[Dataset extract — start]
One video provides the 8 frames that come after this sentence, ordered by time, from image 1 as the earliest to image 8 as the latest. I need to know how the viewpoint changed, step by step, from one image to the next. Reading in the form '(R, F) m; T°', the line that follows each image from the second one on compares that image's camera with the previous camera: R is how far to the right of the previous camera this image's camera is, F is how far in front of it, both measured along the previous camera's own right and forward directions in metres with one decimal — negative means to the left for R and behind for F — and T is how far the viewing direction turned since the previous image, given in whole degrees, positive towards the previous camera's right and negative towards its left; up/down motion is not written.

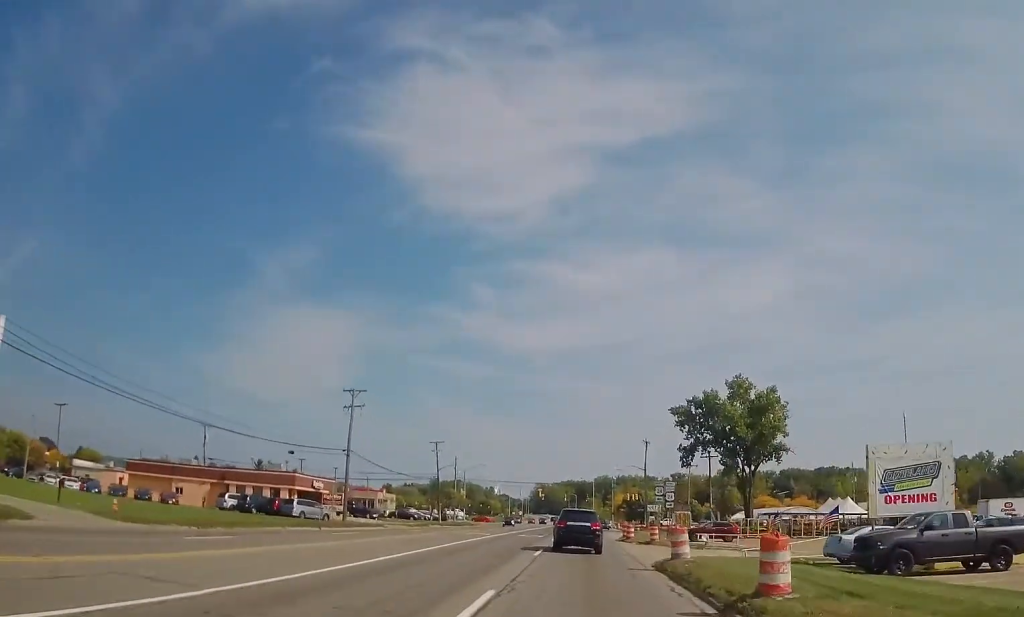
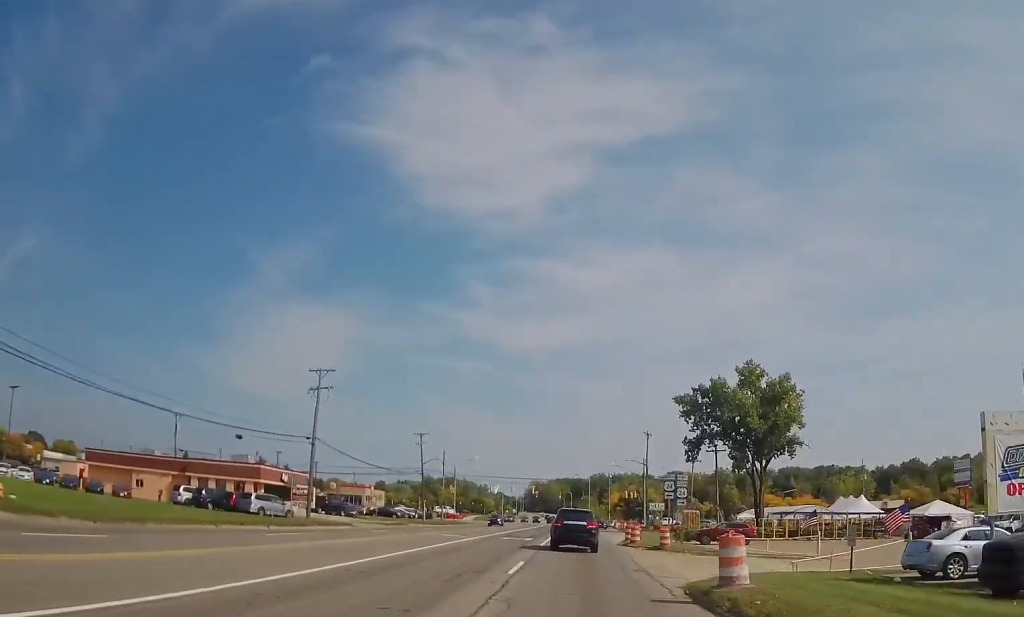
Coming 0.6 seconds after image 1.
(+0.1, +7.5) m; -1°
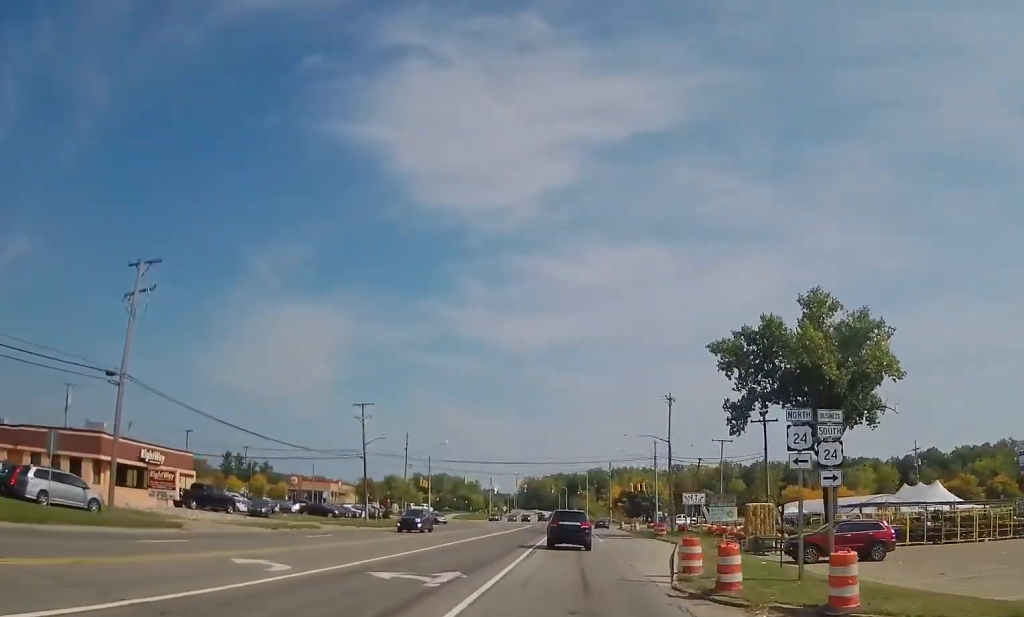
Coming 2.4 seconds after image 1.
(-0.1, +25.0) m; +1°
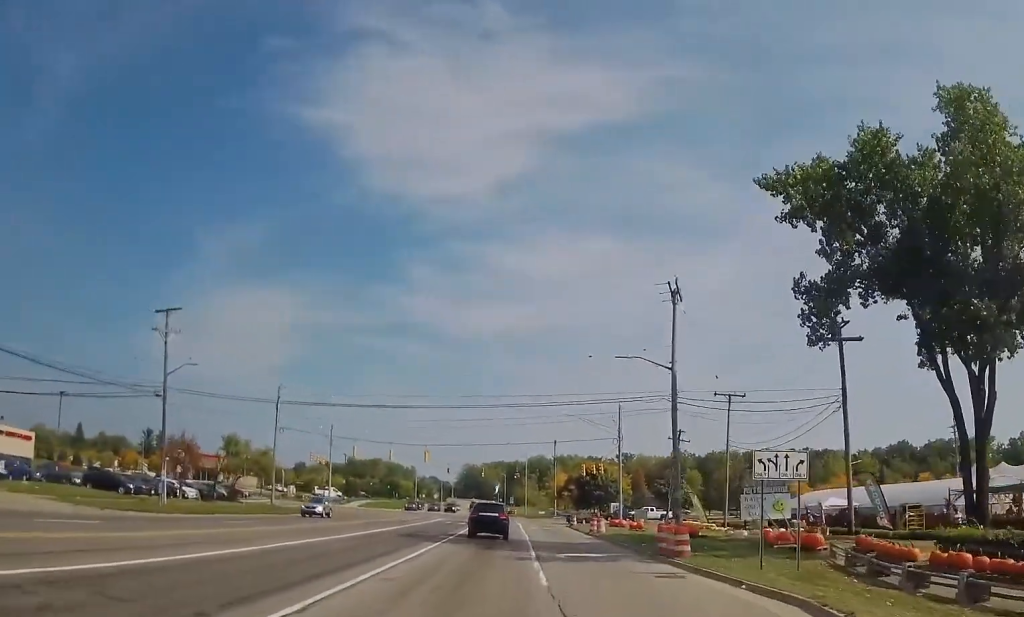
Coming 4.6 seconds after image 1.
(+0.2, +29.7) m; +2°
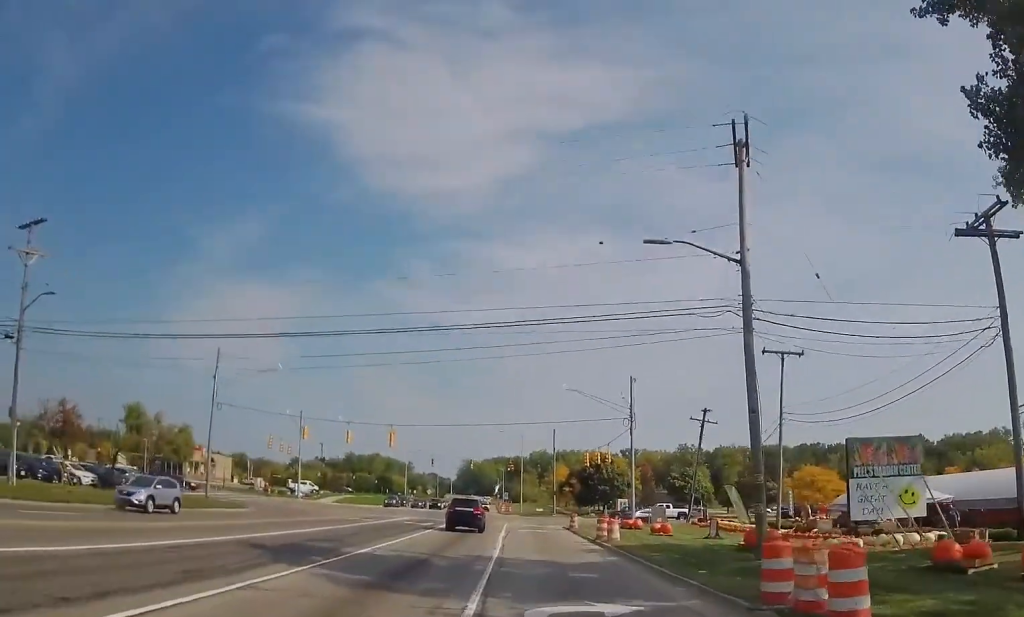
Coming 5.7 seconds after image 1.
(+0.4, +14.4) m; +1°
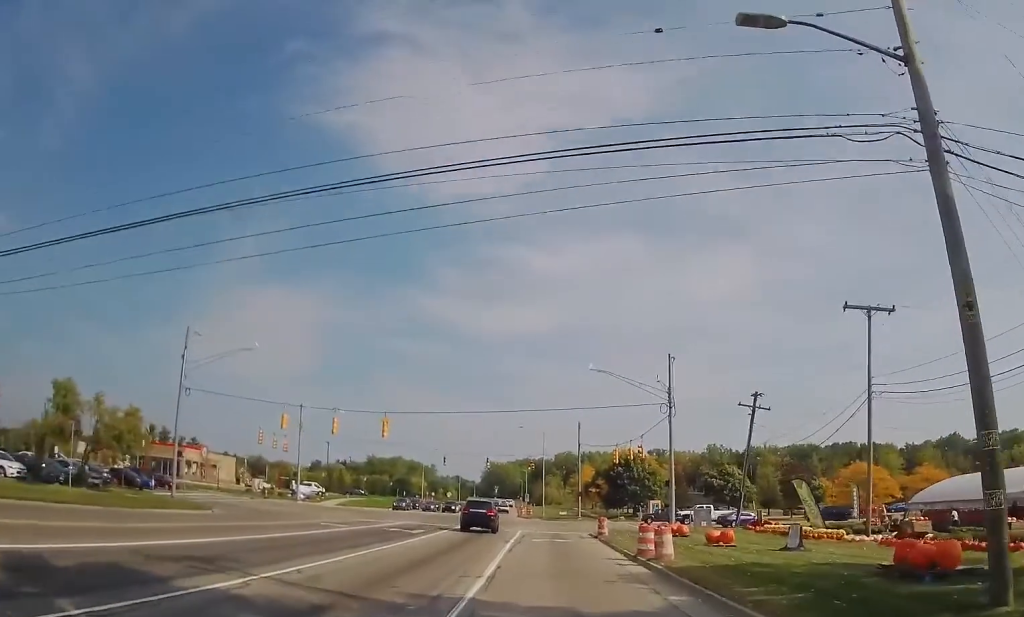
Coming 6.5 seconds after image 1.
(0.0, +9.6) m; -1°
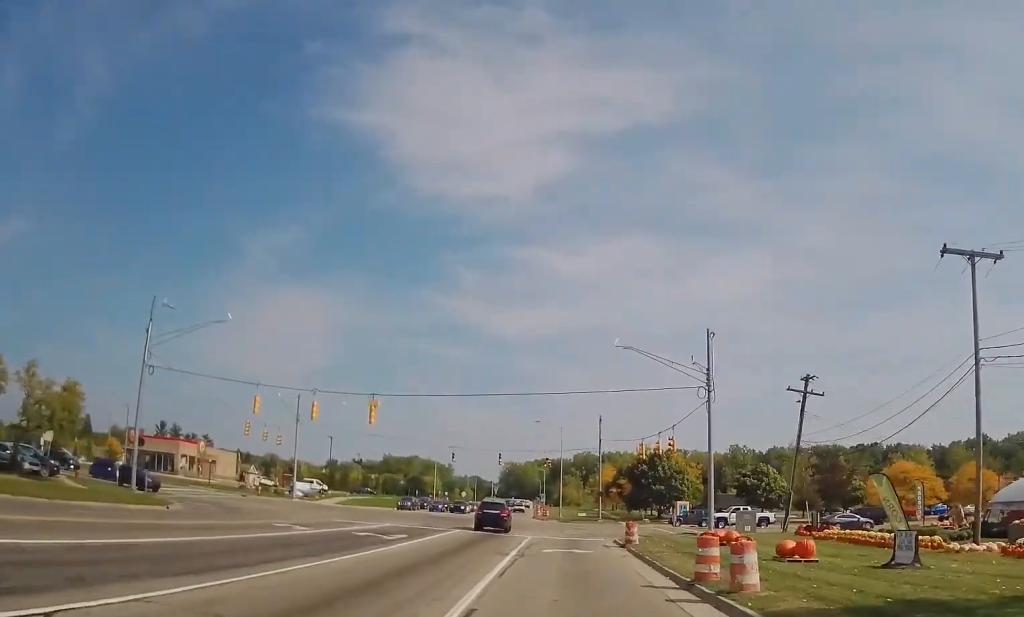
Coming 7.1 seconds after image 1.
(-0.2, +7.4) m; 0°
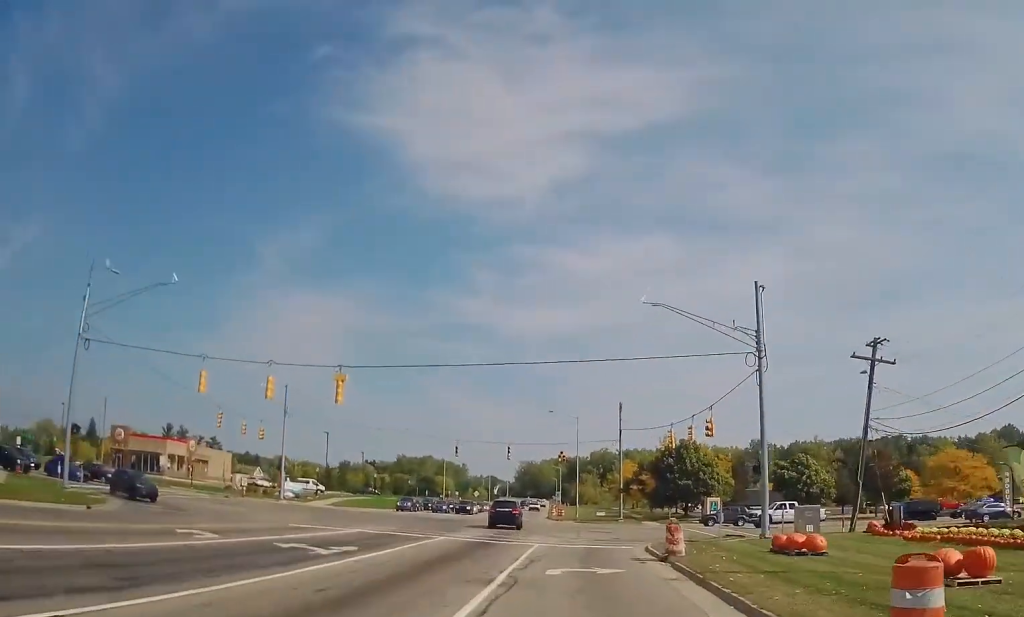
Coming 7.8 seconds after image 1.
(-0.1, +8.5) m; -1°
[Dataset extract — finish]
● **Work request**
Would you print, exactly as they appear, the lines from the line with "Coming 2.4 seconds after image 1." through the end of the entries above, leaving out the pictures?

● **Answer box**
Coming 2.4 seconds after image 1.
(-0.1, +25.0) m; +1°
Coming 4.6 seconds after image 1.
(+0.2, +29.7) m; +2°
Coming 5.7 seconds after image 1.
(+0.4, +14.4) m; +1°
Coming 6.5 seconds after image 1.
(0.0, +9.6) m; -1°
Coming 7.1 seconds after image 1.
(-0.2, +7.4) m; 0°
Coming 7.8 seconds after image 1.
(-0.1, +8.5) m; -1°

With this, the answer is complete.